--- EXERCISE REQUIREMENTS ---
A word-for-word transcript of the closing lines is required: from the one with "Pulmonary opacities, right: 2" through the final line of the data.

--- LISTED RECORDS ---
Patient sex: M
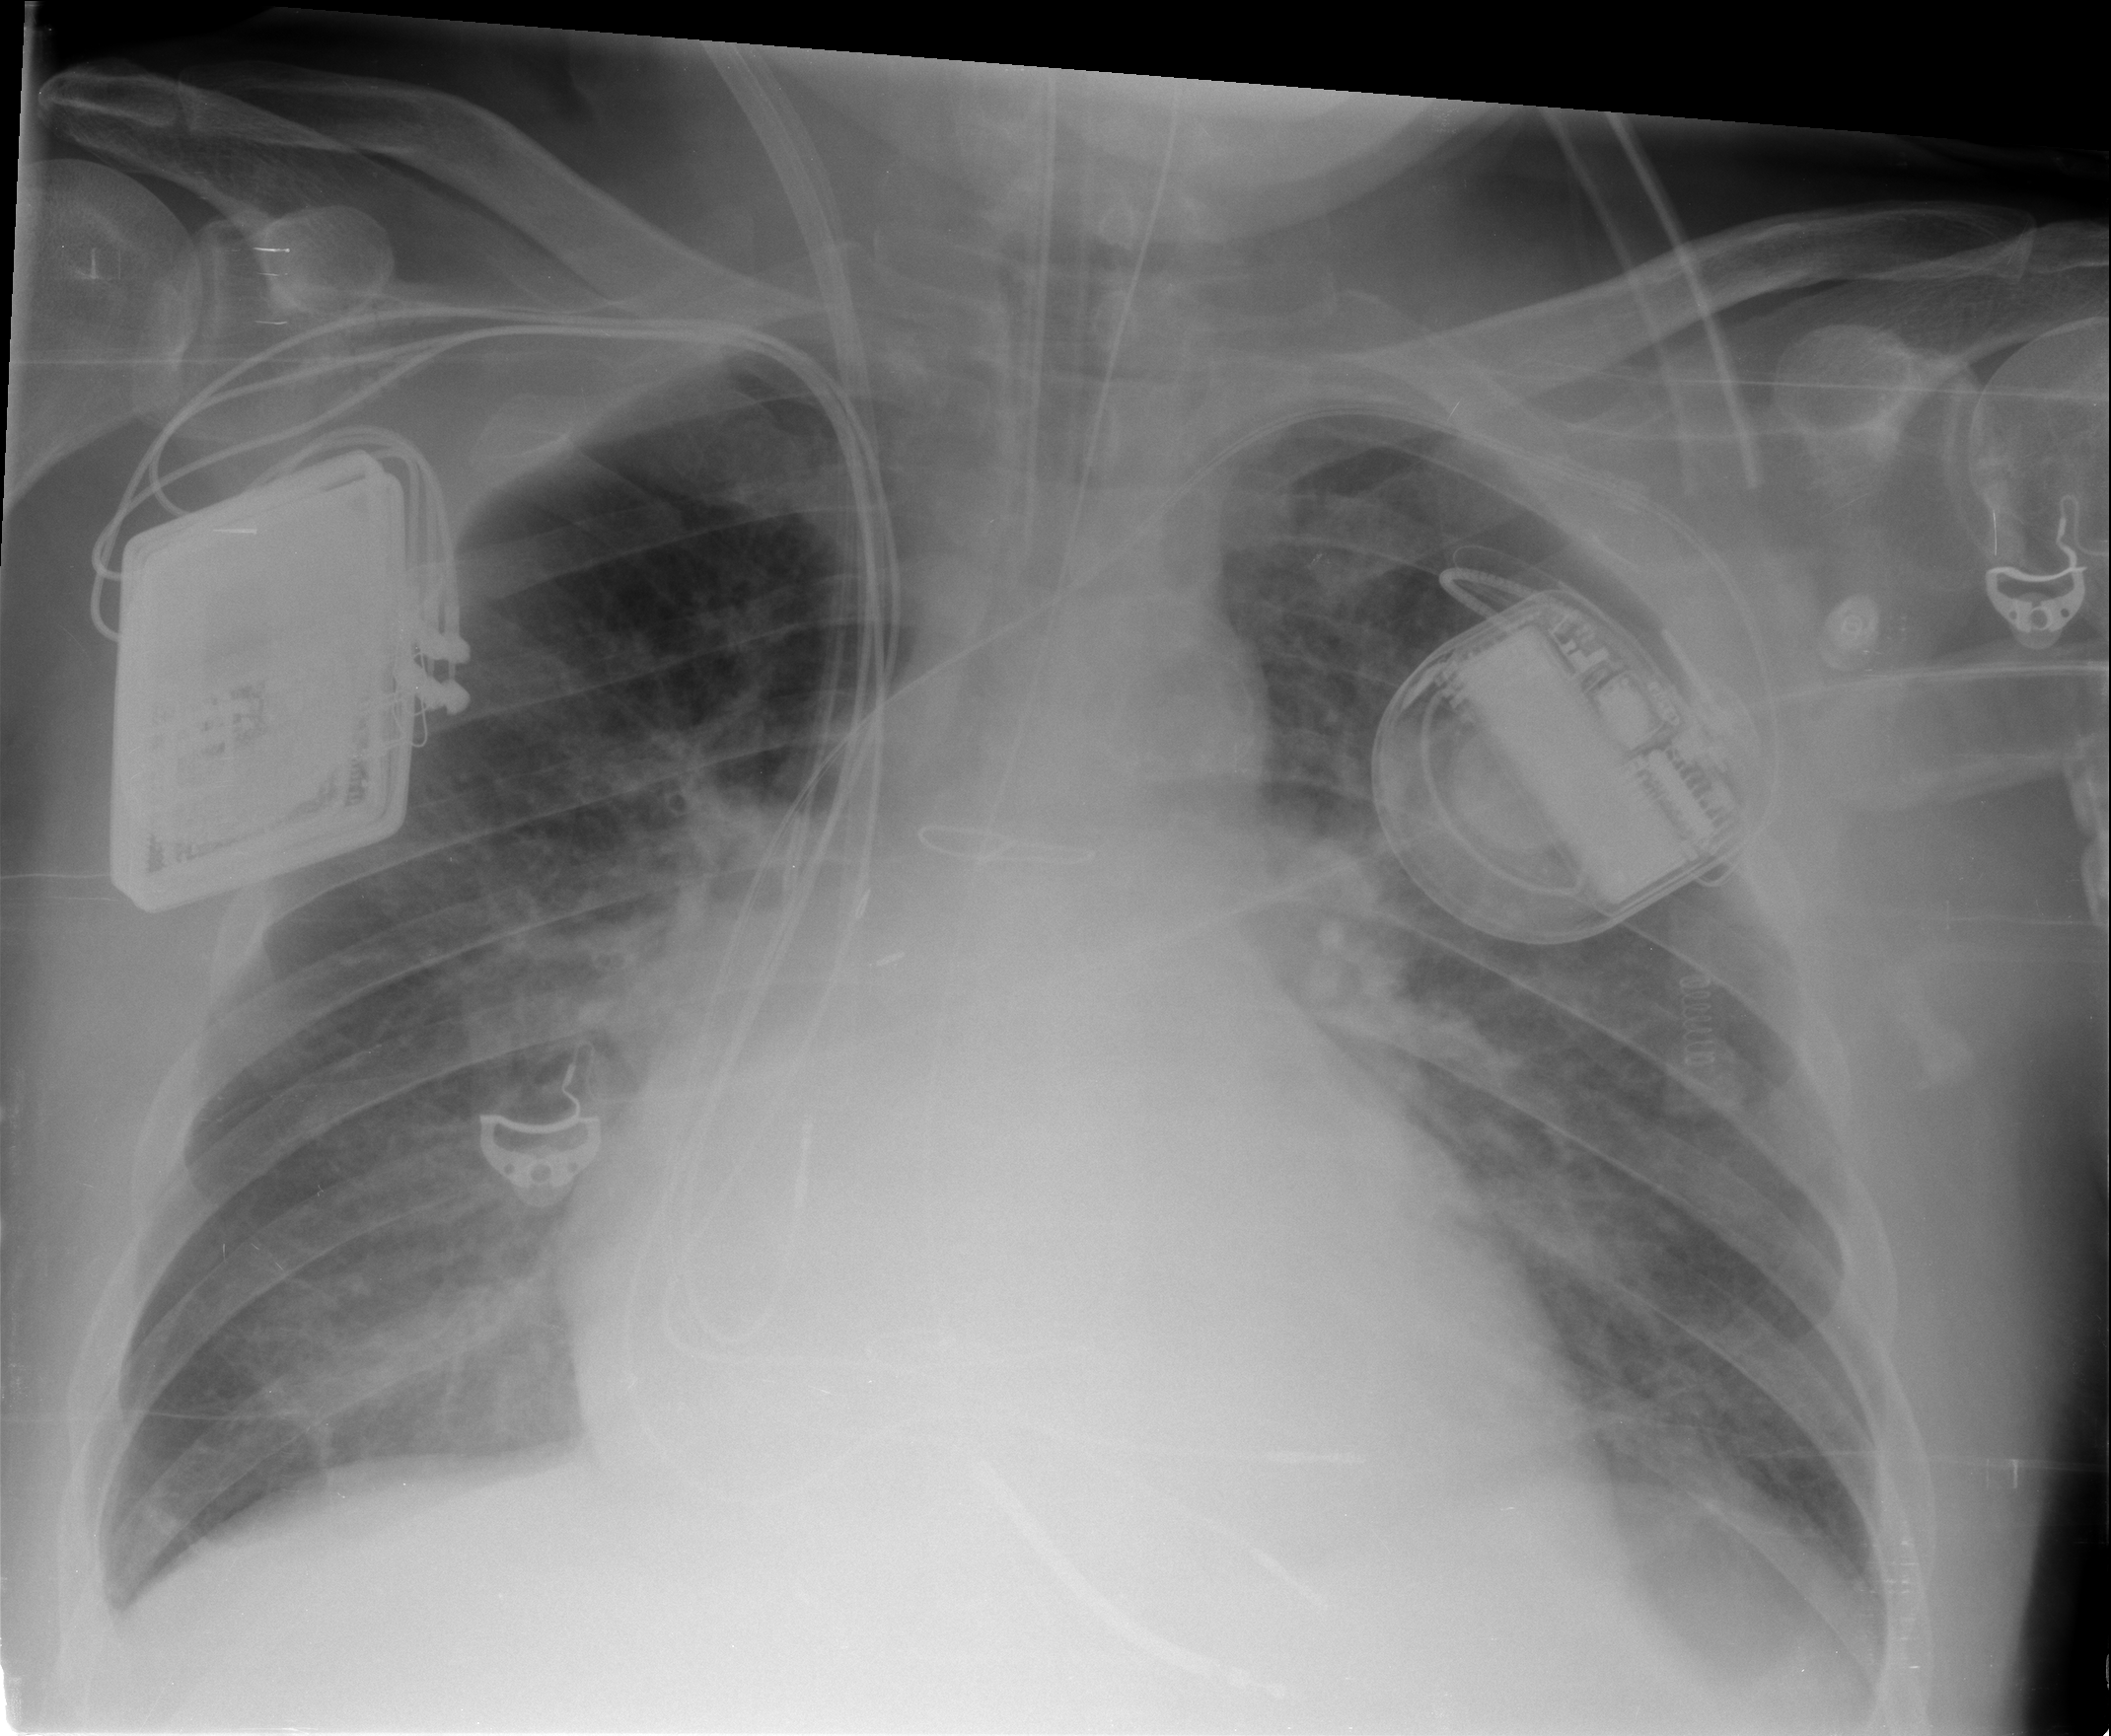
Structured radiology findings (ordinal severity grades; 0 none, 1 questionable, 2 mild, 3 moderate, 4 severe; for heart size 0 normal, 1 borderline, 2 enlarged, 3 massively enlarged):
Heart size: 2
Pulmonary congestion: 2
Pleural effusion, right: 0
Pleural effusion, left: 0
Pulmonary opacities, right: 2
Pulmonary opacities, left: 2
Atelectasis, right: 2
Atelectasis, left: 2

--- RESULT ---
Pulmonary opacities, right: 2
Pulmonary opacities, left: 2
Atelectasis, right: 2
Atelectasis, left: 2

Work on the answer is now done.